It’s not such prickly work after all

A Bay Weekly reader who has tried and failed many times asks how to grow cactus plants from seeds.
    It’s possible. Here’s how.
    For growth, cactus plants need full sun, dry conditions except for a few days of rain in the spring, sandy rather poor alkaline soil that’s hot in the day and cool at night. These are exactly the same conditions you must satisfy to be successful in germinating seeds. 

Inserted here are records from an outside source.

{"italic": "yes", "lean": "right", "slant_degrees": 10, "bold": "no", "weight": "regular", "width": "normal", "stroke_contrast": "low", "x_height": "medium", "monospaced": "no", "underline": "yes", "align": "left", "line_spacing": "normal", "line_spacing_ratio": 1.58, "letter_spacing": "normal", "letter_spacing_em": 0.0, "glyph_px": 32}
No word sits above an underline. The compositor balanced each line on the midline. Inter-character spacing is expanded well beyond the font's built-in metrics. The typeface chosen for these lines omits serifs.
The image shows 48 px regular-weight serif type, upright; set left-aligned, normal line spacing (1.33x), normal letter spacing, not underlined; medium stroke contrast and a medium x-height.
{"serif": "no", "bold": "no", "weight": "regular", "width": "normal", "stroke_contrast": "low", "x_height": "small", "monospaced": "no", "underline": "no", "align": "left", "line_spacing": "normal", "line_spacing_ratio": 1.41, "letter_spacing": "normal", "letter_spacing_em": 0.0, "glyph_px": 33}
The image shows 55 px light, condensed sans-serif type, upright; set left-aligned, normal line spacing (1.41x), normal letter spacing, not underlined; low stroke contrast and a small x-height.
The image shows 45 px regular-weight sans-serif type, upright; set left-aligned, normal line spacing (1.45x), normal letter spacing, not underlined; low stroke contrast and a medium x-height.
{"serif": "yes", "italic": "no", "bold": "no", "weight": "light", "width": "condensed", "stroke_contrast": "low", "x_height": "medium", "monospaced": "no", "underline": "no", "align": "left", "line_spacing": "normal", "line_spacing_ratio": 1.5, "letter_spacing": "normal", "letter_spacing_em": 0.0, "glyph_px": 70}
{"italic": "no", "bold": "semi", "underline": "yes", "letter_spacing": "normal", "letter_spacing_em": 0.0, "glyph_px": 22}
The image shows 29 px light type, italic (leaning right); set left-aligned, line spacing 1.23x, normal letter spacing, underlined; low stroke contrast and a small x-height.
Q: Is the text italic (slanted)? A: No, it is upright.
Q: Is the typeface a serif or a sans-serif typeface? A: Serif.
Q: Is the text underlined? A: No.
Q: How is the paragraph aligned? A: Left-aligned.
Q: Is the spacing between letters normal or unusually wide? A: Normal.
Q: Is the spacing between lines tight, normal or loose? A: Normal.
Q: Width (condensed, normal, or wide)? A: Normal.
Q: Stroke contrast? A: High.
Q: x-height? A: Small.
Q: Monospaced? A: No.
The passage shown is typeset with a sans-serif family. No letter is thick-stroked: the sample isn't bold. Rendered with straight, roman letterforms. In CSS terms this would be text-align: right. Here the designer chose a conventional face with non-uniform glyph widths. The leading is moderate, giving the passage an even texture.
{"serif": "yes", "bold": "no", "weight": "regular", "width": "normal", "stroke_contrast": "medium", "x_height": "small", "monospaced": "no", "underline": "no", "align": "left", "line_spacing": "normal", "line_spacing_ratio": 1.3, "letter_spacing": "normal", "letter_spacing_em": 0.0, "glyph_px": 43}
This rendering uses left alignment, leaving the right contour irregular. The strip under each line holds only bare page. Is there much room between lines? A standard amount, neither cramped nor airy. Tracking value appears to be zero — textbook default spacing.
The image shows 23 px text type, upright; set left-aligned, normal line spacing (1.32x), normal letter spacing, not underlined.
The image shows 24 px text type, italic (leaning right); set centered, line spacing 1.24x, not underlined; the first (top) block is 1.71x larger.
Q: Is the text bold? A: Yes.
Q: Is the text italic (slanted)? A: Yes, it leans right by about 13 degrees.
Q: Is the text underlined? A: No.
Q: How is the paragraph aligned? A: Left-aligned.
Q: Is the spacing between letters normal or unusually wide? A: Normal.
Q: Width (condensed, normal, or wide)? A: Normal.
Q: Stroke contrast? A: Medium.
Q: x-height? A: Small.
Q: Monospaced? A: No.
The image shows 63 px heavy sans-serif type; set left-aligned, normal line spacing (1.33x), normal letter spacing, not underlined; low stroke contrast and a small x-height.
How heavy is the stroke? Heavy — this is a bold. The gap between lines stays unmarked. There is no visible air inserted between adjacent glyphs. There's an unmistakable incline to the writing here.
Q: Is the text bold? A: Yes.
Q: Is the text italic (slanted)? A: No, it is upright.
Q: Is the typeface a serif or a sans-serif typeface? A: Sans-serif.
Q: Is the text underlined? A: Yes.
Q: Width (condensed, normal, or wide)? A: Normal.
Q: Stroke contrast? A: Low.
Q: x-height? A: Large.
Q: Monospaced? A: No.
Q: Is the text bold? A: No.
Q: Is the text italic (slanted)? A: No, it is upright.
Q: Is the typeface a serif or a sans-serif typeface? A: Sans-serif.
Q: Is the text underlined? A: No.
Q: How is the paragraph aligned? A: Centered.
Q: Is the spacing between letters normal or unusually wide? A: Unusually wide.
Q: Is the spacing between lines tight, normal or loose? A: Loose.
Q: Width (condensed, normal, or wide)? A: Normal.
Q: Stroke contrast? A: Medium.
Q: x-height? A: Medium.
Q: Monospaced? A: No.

    To prepare a seed germinating mix, blend one-fourth cup of garden soil with two cups of play sand and one rounded teaspoon of agricultural grade dolomite limestone. Moisten with water and mix thoroughly. Place the mix in a metal or Pyrex pan and bake at 200 degrees for one hour, cooling in the oven. By doing this, you are pasteurizing the soil to kill all weed seeds and living organisms that are not common under desert conditions. Put two tablespoons of the sterilized soil in a clean, sterile container or plastic bag. Place the rest of the sterilized soil in a clean, shallow four- or five-inch pan with drainage holes in the bottom.
    Uniformly scatter cactus seeds over the surface of the mix, allowing one-eighth to one-fourth inch between them. Cover the seeds with the saved pasteurized soil using a tea strainer. Water the seeds carefully with a rose bulb or fine sprinkler until water drips from the bottom of the container. Place the pot near a window facing south where it will obtain full sun all day and cool temperatures at night.
    Commercially, cactus seeds are germinated in lighted cycling chambers with 80 degrees of bottom heat for 12 to 15 hours under grow lights and nine to 12 hours of darkness at temperatures 60 to 65 degrees. You can best achieve the commercial germination chamber with a gooseneck lamp with a 40-watt incandescent light bulb. Adjust the light to 10 to 12 inches above the pot and place both in the middle of a room. Turn the light on soon after you rise in the morning and turn it off before going to bed at night. The heat and infrared rays of the incandescent light bulb will not only provide light but also warm the soil during the day. When the light is off, the soil will cool.
    Most packets of cactus seed contain several species, so germination is very erratic, anywhere from a few weeks to a month or more. Check for soil moisture daily. If the soil feels warm, irrigate lightly. If the soil feels cool, withhold irrigation.